Since my submission to "Knowledge", there has been a flurry of activity of Sheila Bair's (head of FDIC) proposals to help stop the foreclosure slaughter. I will be posting my analysis of the criticism to the idea that mortgages be modified with the Federal Government underwriting part of the losses incurred by lenders and loan servicers, within a day or two - I am just waiting for some dust to settle, or more in keeping with the title above, until the flood waters recede.

(see link at end of this posting for full article entitled):

The Fairness Issue: How to Cope with the Flood of Foreclosures
Published: November 26, 2008 in Knowledge@Wharton


(my commentary) In "The Fairness Issue" article an excellent job was done in presenting nearly all views of the mortgage scene. As with views of anything however, the viewer's perspective determines what is seen, and what is not seen. The problems are set out well, but if one relies on the economists' and bankers' views, one will get only the macro financial picture.

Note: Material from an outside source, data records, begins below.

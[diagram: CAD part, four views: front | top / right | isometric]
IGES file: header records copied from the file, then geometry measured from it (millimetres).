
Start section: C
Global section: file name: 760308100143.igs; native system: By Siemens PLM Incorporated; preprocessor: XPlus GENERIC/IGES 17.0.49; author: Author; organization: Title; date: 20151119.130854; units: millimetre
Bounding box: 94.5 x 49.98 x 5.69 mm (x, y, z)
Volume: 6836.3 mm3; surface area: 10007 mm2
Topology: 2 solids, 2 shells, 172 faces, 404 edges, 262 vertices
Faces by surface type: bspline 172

There is no taking into account the effect on actual homeowners and their effect on the economy as a whole. One could argue that the micro analysis, the review of individual mortgagors, does not really matter, because no one of them matters in the scheme of the economy, ours or global. The argument would miss the point while being correct a the same time; it was this logic that gave us "toxic assets", mortgage-Backed Securities.(To me, the concept of an asset being "toxic" is an oxymoron and would only apply to enriched uranium and the like anyway). William Frey's comment that no one anticipated a catastrophic meltdown is exactly on point, but we had such a crash. If millions of individual mortgages created the problem, then why would there be a global solution?

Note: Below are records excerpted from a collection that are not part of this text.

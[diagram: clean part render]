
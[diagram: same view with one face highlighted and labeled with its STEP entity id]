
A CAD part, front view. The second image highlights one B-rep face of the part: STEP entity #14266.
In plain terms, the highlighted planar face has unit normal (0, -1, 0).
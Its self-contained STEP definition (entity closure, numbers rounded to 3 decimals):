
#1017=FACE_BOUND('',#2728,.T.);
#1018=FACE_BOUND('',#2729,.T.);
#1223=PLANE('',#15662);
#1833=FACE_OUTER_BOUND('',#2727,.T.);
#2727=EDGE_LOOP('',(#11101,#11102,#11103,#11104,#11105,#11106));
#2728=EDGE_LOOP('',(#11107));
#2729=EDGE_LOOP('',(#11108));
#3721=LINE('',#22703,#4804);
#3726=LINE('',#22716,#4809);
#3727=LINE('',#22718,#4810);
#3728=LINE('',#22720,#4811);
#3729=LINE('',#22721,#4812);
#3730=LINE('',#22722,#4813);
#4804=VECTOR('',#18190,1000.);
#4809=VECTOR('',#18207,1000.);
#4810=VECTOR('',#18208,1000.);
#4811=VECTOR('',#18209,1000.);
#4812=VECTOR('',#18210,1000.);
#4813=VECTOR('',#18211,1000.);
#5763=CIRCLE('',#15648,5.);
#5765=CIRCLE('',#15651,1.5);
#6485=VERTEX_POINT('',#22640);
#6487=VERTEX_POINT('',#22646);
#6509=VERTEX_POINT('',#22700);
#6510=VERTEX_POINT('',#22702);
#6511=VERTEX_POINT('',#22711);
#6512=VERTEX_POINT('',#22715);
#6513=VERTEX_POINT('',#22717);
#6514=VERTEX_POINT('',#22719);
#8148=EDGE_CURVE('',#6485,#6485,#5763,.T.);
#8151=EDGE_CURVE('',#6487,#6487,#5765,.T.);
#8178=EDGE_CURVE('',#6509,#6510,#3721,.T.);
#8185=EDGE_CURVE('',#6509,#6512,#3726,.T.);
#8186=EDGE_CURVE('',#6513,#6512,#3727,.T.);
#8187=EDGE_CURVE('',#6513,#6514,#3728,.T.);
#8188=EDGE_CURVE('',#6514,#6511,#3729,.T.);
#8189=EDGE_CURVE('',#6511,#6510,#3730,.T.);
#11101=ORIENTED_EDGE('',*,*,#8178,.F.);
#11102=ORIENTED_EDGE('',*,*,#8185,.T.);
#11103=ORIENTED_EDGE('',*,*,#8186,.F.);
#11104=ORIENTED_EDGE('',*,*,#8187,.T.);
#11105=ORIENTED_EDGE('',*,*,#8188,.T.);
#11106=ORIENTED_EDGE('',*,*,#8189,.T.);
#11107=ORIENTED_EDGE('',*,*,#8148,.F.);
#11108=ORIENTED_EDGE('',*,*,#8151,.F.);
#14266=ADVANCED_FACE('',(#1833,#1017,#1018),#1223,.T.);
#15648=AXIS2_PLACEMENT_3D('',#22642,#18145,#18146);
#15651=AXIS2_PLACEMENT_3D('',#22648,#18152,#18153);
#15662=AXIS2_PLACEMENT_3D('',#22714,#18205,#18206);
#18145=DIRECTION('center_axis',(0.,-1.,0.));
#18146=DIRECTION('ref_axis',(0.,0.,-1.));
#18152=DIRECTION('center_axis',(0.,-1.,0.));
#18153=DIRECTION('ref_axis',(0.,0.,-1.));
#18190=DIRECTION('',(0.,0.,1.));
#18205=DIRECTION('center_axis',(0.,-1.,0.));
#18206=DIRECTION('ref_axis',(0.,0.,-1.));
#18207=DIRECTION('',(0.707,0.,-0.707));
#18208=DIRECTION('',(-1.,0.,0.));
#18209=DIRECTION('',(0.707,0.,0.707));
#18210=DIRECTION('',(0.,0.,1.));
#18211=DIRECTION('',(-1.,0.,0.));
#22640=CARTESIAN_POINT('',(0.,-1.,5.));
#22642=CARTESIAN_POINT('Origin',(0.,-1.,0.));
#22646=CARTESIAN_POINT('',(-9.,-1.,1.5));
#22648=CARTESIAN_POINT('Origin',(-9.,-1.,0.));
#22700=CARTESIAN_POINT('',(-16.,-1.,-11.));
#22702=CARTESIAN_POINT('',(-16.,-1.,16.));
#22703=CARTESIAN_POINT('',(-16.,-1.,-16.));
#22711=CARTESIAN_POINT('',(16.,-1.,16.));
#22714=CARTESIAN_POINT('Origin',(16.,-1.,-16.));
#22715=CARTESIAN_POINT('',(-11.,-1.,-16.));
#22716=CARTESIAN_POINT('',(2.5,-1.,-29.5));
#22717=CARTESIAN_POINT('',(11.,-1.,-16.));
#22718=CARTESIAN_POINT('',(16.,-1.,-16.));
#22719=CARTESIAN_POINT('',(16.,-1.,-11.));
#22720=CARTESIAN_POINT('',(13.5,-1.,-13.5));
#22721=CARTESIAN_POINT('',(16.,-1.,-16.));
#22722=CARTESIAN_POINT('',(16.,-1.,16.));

Professors Guttentag and Wachter are correct in the assessment that the housing market should be the primary concern. If so, a semblance of normalcy can be restored; then maybe confidence can also recover. I have seen this with my clients. At the present, most of my time is spent trying to save homes, not just houses-- but homes. The fear, anxiety, and recriminations created by a foreclosure destroy families. Working with mortgagees, and their appointed servicers empowered by PSAs has proven to be a challenge. There are no rules; the government has let the servicers determine what happens in our economic life. Ms. Bair's [Chair of the FDIC] proposal through the FDIC, flawed as it may be, at least gives a ray of hope and a view towards Main Street rather than Wall Street.

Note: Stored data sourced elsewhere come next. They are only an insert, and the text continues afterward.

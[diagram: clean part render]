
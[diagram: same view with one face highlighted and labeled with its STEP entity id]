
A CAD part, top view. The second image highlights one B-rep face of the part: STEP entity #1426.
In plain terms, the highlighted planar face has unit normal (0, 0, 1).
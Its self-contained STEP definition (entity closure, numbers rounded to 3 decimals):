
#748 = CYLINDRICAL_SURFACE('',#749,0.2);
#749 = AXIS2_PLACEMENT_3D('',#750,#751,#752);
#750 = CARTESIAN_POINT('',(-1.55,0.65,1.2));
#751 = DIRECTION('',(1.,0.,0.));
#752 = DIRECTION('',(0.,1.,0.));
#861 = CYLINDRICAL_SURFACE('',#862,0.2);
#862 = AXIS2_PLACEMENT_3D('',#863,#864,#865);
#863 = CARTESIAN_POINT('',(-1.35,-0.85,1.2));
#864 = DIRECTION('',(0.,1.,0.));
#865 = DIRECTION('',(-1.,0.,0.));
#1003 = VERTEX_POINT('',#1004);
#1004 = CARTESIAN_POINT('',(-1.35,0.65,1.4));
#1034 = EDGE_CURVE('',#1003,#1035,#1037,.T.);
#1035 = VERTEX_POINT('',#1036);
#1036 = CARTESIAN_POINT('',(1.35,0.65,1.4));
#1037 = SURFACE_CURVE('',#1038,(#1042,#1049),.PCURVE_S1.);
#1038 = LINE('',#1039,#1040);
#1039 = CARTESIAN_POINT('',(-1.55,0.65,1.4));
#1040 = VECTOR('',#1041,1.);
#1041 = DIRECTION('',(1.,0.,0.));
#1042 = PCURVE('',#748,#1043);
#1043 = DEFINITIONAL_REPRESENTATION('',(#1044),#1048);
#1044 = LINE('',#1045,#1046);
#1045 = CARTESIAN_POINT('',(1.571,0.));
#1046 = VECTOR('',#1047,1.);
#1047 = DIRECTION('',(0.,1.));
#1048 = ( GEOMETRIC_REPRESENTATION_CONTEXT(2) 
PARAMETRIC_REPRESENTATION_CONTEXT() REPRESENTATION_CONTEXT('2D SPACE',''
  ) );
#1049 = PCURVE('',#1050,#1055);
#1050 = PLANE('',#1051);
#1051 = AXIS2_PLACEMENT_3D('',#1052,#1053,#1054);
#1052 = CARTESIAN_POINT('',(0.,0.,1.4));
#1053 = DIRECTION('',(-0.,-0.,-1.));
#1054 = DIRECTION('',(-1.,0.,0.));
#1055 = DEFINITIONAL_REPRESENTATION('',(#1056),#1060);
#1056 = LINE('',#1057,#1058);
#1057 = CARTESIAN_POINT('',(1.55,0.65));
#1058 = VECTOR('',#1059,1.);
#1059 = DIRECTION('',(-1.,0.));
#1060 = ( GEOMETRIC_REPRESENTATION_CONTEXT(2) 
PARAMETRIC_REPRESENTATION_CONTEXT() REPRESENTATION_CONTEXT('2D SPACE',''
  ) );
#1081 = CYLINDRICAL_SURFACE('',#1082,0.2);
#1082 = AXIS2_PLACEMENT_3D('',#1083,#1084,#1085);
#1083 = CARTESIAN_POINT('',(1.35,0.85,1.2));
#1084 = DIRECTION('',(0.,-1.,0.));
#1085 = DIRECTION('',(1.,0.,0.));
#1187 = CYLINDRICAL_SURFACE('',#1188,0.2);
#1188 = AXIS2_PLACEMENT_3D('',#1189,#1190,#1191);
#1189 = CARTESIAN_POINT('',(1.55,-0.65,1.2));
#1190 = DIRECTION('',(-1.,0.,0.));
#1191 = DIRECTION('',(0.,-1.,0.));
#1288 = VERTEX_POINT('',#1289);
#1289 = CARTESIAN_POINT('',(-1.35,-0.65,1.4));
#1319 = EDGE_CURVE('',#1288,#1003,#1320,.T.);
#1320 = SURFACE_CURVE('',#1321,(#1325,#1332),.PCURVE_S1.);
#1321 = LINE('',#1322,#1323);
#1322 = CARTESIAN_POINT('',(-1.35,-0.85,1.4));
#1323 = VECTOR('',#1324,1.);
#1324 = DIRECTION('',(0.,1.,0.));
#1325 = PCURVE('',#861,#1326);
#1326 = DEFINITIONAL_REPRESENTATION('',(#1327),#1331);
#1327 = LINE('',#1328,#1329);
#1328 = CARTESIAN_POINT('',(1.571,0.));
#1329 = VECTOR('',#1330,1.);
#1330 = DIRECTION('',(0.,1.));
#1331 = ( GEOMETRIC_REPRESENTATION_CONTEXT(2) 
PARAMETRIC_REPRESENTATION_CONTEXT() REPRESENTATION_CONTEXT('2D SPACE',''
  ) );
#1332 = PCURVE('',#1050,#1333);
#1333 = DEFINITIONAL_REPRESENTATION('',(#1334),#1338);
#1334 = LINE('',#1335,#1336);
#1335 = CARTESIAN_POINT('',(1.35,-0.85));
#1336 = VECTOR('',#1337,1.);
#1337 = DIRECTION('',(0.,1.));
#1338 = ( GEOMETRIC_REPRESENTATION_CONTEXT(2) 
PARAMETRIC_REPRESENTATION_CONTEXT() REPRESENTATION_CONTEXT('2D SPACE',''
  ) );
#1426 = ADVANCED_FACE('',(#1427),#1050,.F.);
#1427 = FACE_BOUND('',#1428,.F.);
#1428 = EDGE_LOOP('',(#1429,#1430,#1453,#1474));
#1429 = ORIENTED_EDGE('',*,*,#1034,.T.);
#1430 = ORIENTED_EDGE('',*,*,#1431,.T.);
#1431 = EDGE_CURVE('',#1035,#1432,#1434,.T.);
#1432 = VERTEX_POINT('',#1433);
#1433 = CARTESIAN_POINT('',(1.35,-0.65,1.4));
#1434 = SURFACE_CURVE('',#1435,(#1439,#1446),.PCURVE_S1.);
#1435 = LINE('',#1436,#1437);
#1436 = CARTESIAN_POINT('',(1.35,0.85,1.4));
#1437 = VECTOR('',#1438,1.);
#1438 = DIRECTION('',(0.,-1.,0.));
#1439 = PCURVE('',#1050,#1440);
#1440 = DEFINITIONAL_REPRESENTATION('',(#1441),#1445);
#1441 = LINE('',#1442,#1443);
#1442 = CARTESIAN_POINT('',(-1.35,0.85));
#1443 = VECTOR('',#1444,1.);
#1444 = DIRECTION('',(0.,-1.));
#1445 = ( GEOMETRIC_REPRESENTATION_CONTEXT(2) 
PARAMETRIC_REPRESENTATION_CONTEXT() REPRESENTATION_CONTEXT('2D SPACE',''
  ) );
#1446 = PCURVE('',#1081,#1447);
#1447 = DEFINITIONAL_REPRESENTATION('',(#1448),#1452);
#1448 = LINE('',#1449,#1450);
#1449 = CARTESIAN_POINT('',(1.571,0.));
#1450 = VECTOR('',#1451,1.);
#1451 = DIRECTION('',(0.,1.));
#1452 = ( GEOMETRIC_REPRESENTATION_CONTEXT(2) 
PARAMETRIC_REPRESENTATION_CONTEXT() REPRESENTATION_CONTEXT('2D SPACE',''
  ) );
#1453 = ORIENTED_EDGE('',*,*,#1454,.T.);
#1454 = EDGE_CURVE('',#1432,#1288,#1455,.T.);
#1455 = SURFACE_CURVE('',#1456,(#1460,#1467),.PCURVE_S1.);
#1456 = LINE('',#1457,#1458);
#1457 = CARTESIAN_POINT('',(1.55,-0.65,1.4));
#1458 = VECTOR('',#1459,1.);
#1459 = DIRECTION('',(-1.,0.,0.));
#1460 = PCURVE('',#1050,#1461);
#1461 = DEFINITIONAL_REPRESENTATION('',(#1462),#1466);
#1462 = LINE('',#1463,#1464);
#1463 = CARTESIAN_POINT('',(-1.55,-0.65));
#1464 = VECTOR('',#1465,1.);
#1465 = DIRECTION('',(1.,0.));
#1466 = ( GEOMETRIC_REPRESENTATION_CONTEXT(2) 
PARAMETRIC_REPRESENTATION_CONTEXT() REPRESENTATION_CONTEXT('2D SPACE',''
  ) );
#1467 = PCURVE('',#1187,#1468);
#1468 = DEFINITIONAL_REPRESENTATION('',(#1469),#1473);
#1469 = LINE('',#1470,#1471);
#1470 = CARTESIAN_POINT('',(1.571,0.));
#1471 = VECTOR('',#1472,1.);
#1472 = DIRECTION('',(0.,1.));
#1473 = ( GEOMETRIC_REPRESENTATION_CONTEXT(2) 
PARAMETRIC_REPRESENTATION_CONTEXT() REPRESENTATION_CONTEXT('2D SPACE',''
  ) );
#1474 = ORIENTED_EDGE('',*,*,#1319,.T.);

Mr. Smetters' sentiment is a valid position, but begs the question: We cannot fix the housing markets, determine the value of mortgage-backeds, and effectively put in place long-term solutions by taking a broad brush approach. The Federal Government, has to back-stop the losses; it has to allow the MBSs to be taken apart, if necessary, to modify loans through write-downs of principal, interest, or both. The regulators are in place. FDIC, OCC, and the Treasury just to start; and we could always resurrect the RTC (Resolution Trust Corporation). I make no claims of originality in my ideas, but I ran failed S&Ls in the mid-80s, for the State of Maryland and with FSLIC, where there were depositors who could not get their money for months, and where loans were just as volatile as the ones in the MBSs. There was no "one size fits all" solution then, and there is not one now.

Last, if we are concerned about cost, we have already given the markets many times more than it would take to shore-up the MBSs by underwriting a portion of the losses an investor might realize. As Bill Cosby, certainly not an economist, so aptly stated in a routine, "Noah, how long can you tread water?"(asked the Lord). We had better ask ourselves that before the flood of foreclosures drown us all in unquenchable debt. The fire would be easier to handle.